### Records for the exercise
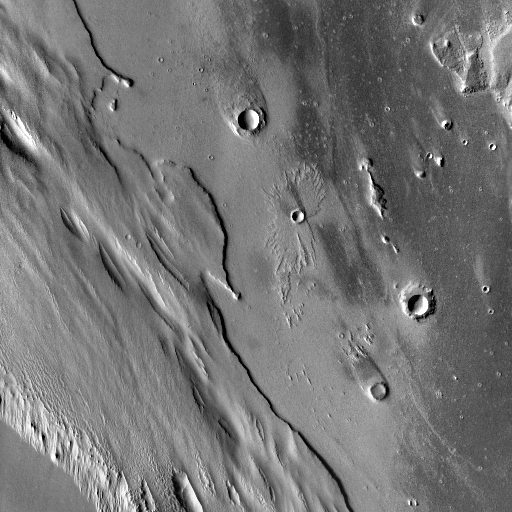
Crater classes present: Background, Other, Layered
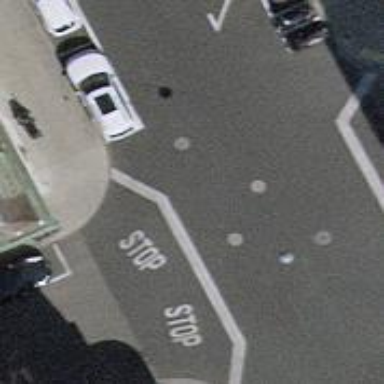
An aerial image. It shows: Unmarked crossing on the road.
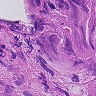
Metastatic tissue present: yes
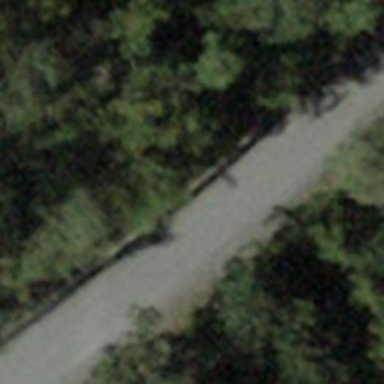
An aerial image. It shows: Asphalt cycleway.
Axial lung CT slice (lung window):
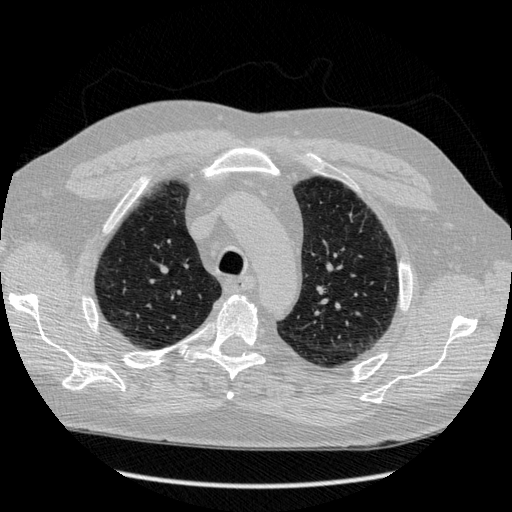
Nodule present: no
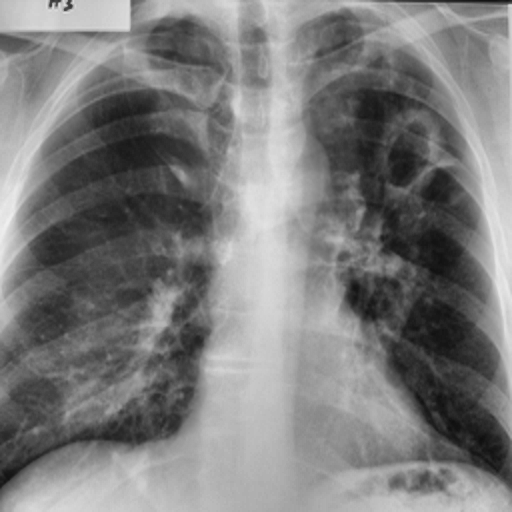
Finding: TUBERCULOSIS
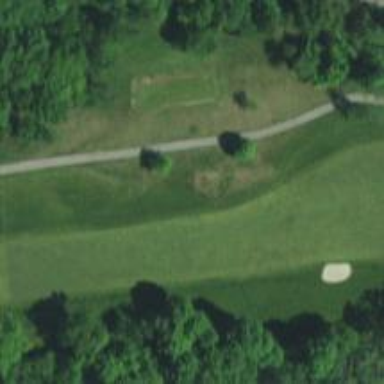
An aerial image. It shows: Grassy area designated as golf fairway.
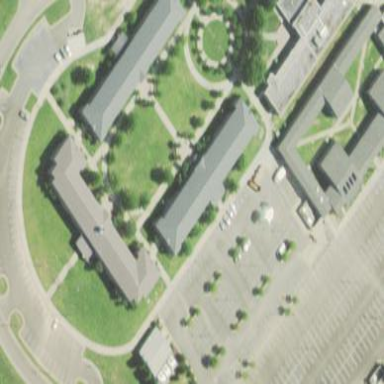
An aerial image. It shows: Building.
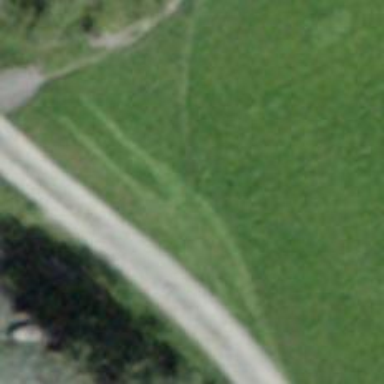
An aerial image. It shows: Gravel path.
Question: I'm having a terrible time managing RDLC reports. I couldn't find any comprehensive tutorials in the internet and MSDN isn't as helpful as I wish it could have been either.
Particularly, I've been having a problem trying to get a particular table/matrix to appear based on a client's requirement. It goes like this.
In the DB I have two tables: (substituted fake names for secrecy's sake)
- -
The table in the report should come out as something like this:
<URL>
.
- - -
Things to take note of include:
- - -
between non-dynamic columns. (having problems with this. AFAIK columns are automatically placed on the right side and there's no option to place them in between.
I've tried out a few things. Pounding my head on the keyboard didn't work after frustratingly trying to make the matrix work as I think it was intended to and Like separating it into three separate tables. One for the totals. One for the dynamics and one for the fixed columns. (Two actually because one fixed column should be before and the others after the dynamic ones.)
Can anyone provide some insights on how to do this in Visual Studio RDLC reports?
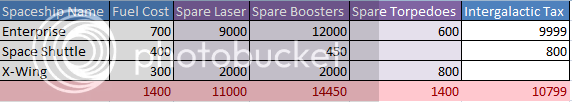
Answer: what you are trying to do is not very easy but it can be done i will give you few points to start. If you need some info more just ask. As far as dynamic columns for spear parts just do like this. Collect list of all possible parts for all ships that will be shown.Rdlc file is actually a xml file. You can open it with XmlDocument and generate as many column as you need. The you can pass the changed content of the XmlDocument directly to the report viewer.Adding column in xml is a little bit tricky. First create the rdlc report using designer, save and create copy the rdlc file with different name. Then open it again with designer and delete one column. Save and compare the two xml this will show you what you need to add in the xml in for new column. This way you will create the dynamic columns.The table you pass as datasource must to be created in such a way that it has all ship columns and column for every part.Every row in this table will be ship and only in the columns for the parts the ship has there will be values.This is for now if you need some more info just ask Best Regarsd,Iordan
==
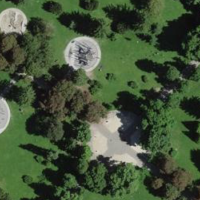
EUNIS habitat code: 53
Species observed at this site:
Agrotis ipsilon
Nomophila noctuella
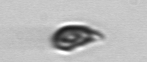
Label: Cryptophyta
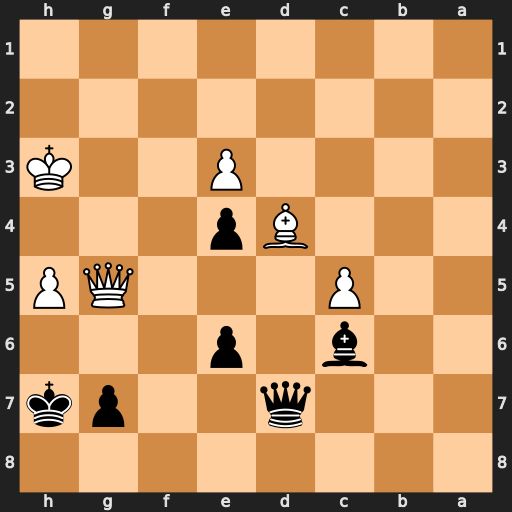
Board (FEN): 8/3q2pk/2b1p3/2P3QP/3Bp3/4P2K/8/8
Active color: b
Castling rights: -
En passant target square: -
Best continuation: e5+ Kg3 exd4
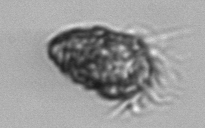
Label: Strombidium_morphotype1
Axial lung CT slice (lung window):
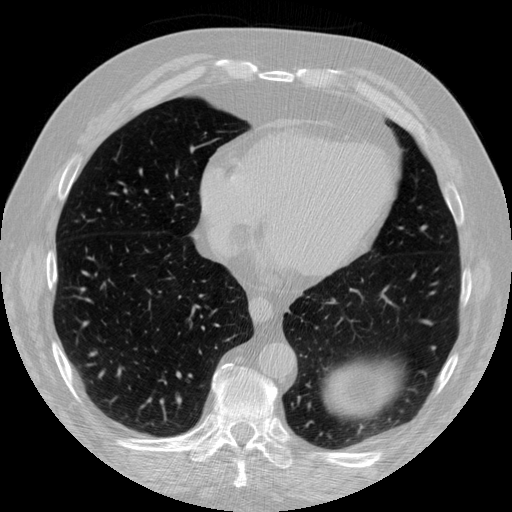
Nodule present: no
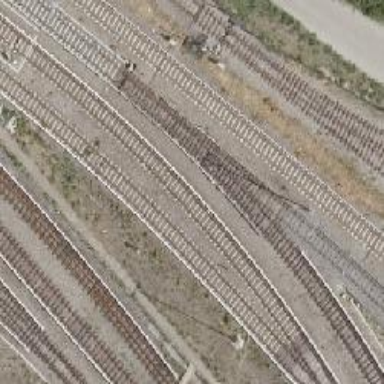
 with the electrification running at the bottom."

### Task requirements
Output exactly the lines above that lie between the line with "An aerial image. It shows: Unmarked" and the line with "An aerial image. It shows: Building.", those two lines included, and no pictures.

### Final answer
An aerial image. It shows: Unmarked crossing on the road.
Metastatic tissue present: yes
An aerial image. It shows: Asphalt cycleway.
Axial lung CT slice (lung window):
Nodule present: no
Finding: TUBERCULOSIS
An aerial image. It shows: Grassy area designated as golf fairway.
An aerial image. It shows: Building.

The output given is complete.